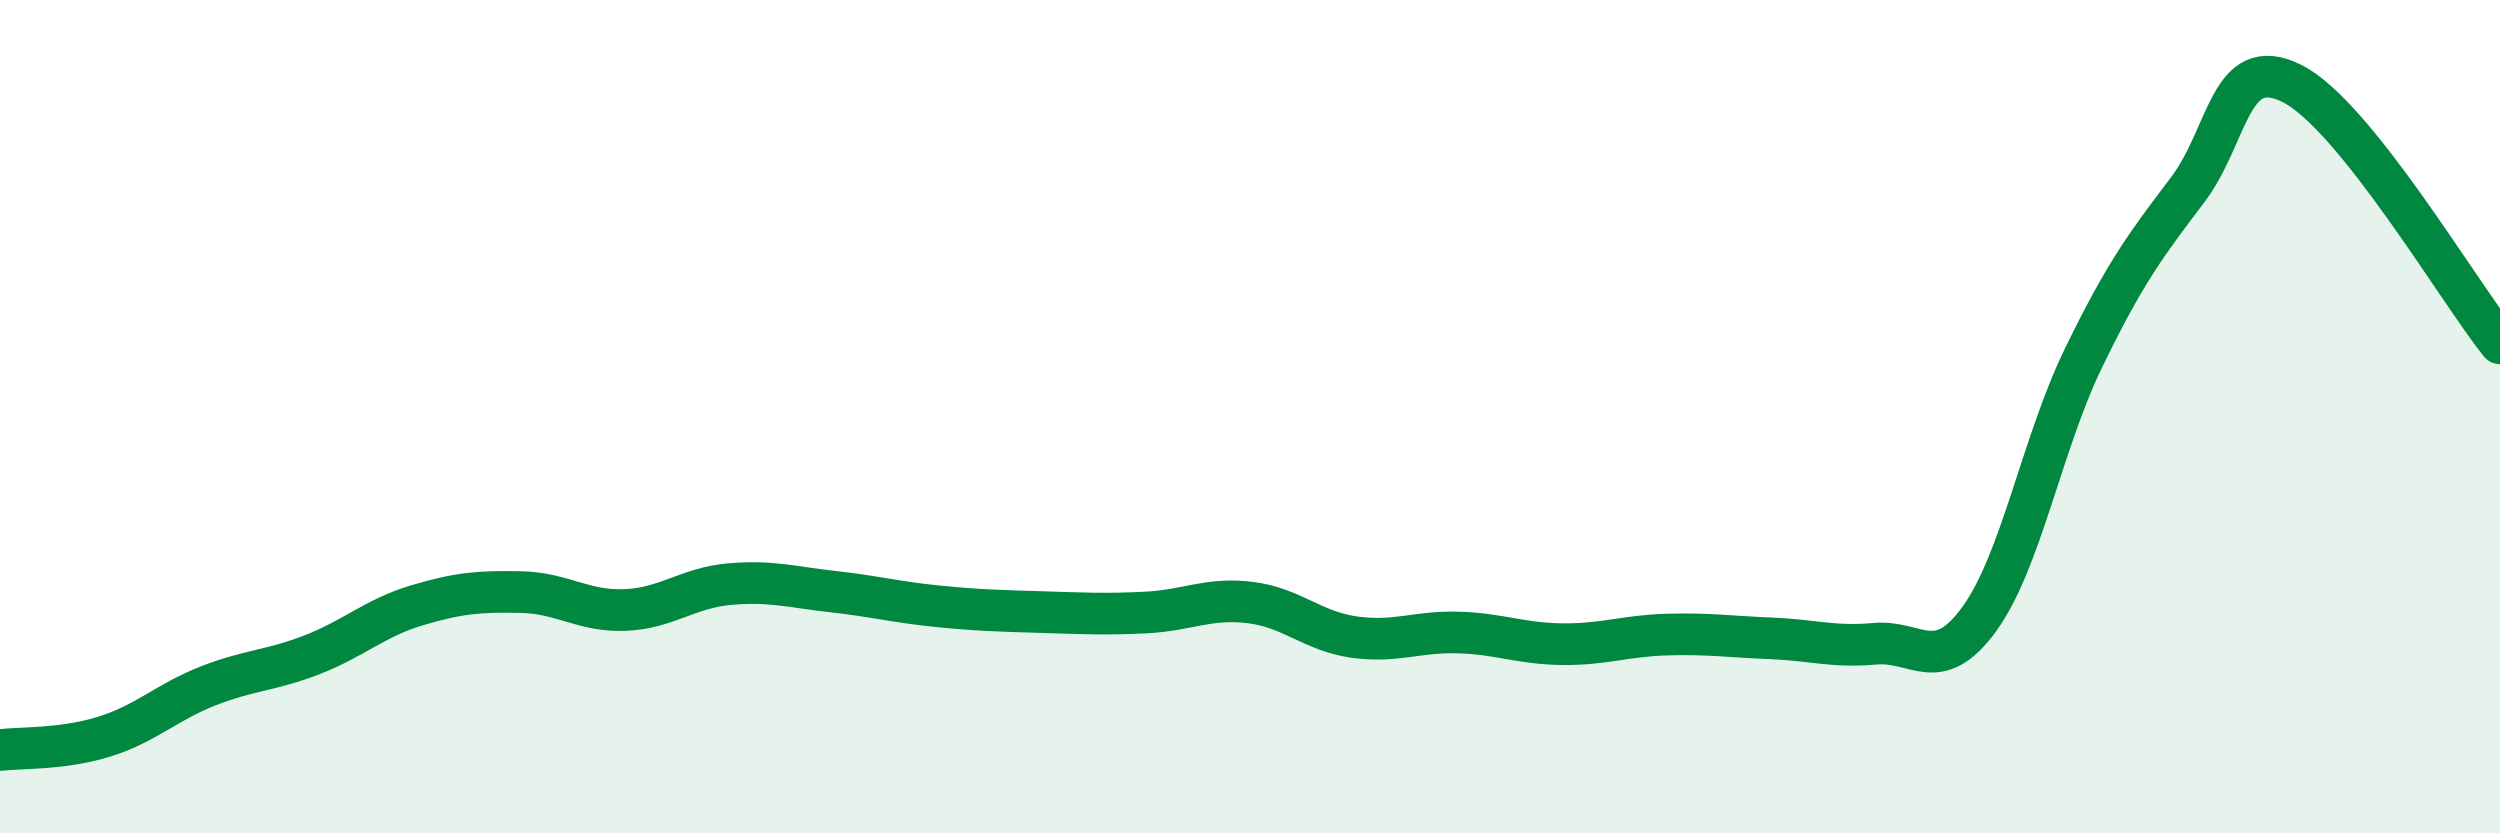 
    <svg width="60" height="20" viewBox="0 0 60 20" xmlns="http://www.w3.org/2000/svg">
      <path
        d="M 0,18 C 0.5,17.94 1.5,17.99 2.5,17.68 C 3.5,17.37 4,16.85 5,16.46 C 6,16.07 6.5,16.1 7.5,15.71 C 8.5,15.32 9,14.83 10,14.53 C 11,14.23 11.5,14.19 12.5,14.21 C 13.5,14.23 14,14.68 15,14.64 C 16,14.6 16.5,14.11 17.5,14.02 C 18.5,13.93 19,14.09 20,14.2 C 21,14.31 21.5,14.45 22.5,14.55 C 23.5,14.65 24,14.66 25,14.69 C 26,14.72 26.5,14.75 27.5,14.7 C 28.5,14.65 29,14.34 30,14.46 C 31,14.58 31.5,15.15 32.5,15.29 C 33.5,15.43 34,15.15 35,15.18 C 36,15.21 36.5,15.45 37.5,15.46 C 38.5,15.47 39,15.26 40,15.23 C 41,15.2 41.5,15.28 42.5,15.32 C 43.5,15.36 44,15.54 45,15.45 C 46,15.36 46.5,16.23 47.5,14.86 C 48.5,13.49 49,10.66 50,8.6 C 51,6.54 51.5,5.88 52.5,4.56 C 53.5,3.24 53.5,1.26 55,2 C 56.5,2.74 59,6.99 60,8.24L60 20L0 20Z"
        fill="#008740"
        opacity="0.1"
        stroke-linecap="round"
        stroke-linejoin="round"
      />
      <path
        d="M 0,18 C 0.5,17.94 1.5,17.99 2.5,17.68 C 3.5,17.37 4,16.85 5,16.46 C 6,16.07 6.5,16.1 7.5,15.71 C 8.5,15.32 9,14.83 10,14.53 C 11,14.23 11.5,14.19 12.5,14.21 C 13.5,14.23 14,14.68 15,14.64 C 16,14.6 16.5,14.11 17.5,14.02 C 18.5,13.93 19,14.09 20,14.2 C 21,14.31 21.5,14.45 22.5,14.55 C 23.5,14.65 24,14.66 25,14.69 C 26,14.72 26.5,14.75 27.5,14.7 C 28.5,14.65 29,14.34 30,14.46 C 31,14.58 31.5,15.15 32.5,15.29 C 33.5,15.43 34,15.15 35,15.18 C 36,15.21 36.5,15.45 37.5,15.46 C 38.5,15.47 39,15.26 40,15.23 C 41,15.2 41.5,15.28 42.5,15.32 C 43.5,15.36 44,15.54 45,15.45 C 46,15.36 46.5,16.23 47.5,14.86 C 48.5,13.49 49,10.66 50,8.6 C 51,6.54 51.5,5.88 52.5,4.56 C 53.5,3.24 53.5,1.26 55,2 C 56.5,2.74 59,6.99 60,8.24"
        stroke="#008740"
        stroke-width="1"
        fill="none"
        stroke-linecap="round"
        stroke-linejoin="round"
      />
    </svg>

What the exercise asks: Show every line of the listing in which the string "width" can be found.

Your response:
    <svg width="60" height="20" viewBox="0 0 60 20" xmlns="http://www.w3.org/2000/svg">
        stroke-width="1"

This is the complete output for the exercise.